Sciences participatives grand public
L’heure est aux « sciences participatives ». Ce n’est pas nouveau, cela fait une bonne quinzaine d’années que cela s’est développé grâce à l’internet. Très bien, cela permet à tout le monde d’apporter sa pierre à l’édifice. C’est le cas dans le domaine des sciences naturalistes, dont la botanique. J’y vois néanmoins plusieurs problèmes. Quelle validation des données apportées par les amateurs ou les professionnels qui font des erreurs ? Car le principe est généralement que les données recueillies soient directement visibles et consultables sur l’internet, même si ce sont des âneries. Bien sûr, on peut prévoir que les données soient validées par un vrai pro payé pour ça (et donc ça a un coût que personne ne veut prendre en compte). Cette validation est parfois prévue, mais ce n’est pas une généralité, loin s’en faut. La plupart du temps, on compte sur le fait que le « système » se corrige lui-même. On sous-entend qu’il y a suffisamment de contributeurs qui peuvent faire remonter les erreurs ou corriger directement eux-mêmes. Ouiquipédia repose sur ce principe. Sauf que la spécialisation demandée dans la discipline, la complexité de ce qui est analysé restreint considérablement le panel des correcteurs compétents potentiels. Cette croyance en l’autocorrection m’agace quelque peu, d’autant que le correcteur potentiel n’a pas forcément toujours le temps ou l’envie de corriger. Cela a des conséquences plus importantes que l’on croit. J’ai vu de mes propres yeux, dans un document présenté par un expert au tribunal, des textes et cartes issus du site internet participatif le plus connu en botanique. Du grand n’importe quoi. Il est exact que les sources plus fiables sont encore au format papier ou sur l’internet avec bien peu de publicité. Je ne parle pas des cartes de répartition du Muséhomme, qui elles-mêmes sont toutes pourries, mais faut pas le répéter – c’est d’ailleurs la raison pour laquelle il ne faut pas faire de publicité pour pas qu’on sache qu’on est obligé d’en faire d’autres. Comme quoi, y a pas que le participatif qui n’est pas validé par des personnes compétentes. De quoi faire se retourner les Jussieu dans leur tombe, mais c’est ainsi.

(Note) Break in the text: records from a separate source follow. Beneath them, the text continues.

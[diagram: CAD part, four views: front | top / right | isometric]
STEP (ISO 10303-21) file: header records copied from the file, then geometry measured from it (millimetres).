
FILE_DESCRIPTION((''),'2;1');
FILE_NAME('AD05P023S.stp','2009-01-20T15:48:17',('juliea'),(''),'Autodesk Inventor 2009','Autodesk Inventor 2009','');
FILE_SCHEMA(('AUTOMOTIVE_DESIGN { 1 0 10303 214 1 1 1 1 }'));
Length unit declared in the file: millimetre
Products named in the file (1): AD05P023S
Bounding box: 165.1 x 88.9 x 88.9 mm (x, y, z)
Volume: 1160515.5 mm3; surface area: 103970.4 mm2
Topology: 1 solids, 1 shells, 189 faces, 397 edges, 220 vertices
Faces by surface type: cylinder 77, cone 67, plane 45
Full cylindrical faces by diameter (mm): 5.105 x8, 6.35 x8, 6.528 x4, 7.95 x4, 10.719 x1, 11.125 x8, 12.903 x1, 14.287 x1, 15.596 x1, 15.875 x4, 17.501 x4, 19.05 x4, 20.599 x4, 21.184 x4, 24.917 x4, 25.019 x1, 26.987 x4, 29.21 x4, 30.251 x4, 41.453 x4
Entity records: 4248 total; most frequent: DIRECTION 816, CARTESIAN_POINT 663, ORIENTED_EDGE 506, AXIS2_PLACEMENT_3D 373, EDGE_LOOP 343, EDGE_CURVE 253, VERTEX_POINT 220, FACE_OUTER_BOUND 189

A mon travail, la Région a voulu lancer une opération de « sciences participatives » « grand public ». Qui dit flore sauvage dit erreurs fréquentes chez Monsieur Tout le Monde. On est un peu payé pour le savoir avec les personnes qui nous appellent ou nous écrivent. Il a été difficile de faire comprendre aux élus et aux techniciens qu’on ne voulait pas recueillir des tas de données entachées d’erreurs. Et du coup, la porte est étroite pour trouver des espèces dont l’inventaire, la cartographie revêt un réel intérêt scientifique (oui, parce que certains techniciens pensaient que c’était secondaire, faut quand même le faire) et la facilité de reconnaissance et la quasi-impossibilité de faire des confusions. Pour la première année, le choix s’est porté sur Viscum album L. (Gui) dont on explique mal l’absence en Flandre et qui n’est pas systématiquement inventorié par les botanistes professionnels ou amateurs parce qu’il peut rester relativement discret pendant la période de végétation, masqué par le feuillage des arbres. En hiver, c’est plus facile. L’opération est un succès.

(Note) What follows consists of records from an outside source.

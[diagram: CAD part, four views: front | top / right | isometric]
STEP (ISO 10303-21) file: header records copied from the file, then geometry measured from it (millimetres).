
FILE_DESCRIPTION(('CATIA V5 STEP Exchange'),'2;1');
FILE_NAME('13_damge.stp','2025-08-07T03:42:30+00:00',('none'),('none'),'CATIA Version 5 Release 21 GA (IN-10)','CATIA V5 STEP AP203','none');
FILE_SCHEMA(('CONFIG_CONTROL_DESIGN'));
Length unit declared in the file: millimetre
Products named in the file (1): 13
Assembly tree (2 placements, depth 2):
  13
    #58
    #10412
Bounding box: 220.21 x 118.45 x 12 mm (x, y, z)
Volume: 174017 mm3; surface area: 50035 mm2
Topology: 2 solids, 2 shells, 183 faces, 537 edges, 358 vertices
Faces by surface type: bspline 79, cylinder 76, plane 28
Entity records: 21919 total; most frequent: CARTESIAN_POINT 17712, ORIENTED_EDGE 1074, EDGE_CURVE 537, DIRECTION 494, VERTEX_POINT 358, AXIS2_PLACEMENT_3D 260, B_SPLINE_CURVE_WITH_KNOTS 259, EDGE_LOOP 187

Mais qu’est-ce que le « grand public » ? Personnellement, j’estime que cette acception ne rime pas à grand-chose dans le cadre de mon travail. Les personnes qui viennent aux conférences auxquelles nous participons, aux portes ouvertes que nous organisons dans nos jardins, qui regardent les émissions auxquelles nous sommes invités, ne sont pas le « grand public », mais un public déjà intéressé, sensibilisé ou qui pourrait le devenir. Il ne faut à mon avis pas l’oublier.
Mercredi soir, on m’a demandé d’intervenir, avec ce qui devait être en majeure partie du « grand public ». Personnellement, je ne suis pas spécialement à l’aise avec ça (mes collègues animateurs sont formés pour ça). Mais disons que le « commanditaire » de la soirée avait demandé aux scientifiques. C’est presque la première fois que je me livre à un tel exercice avec un tel public. Je ne sais pas si j’ai réussi, mais il n’y a pas eu beaucoup de questions.
De mon point de vue, « grand public » ne signifie pas « bas de gamme » ou des réalités simplifiées de façon excessive. Je m’en agace quand je le constate dans le discours de certains de mes collègues ou dans d’autres domaines à l’occasion d’un article du journal local, d’une émission de télévision, dans la bouche d’un guide lors de la visite d’un édifice, etc. Fromfrom en est parfois le témoin.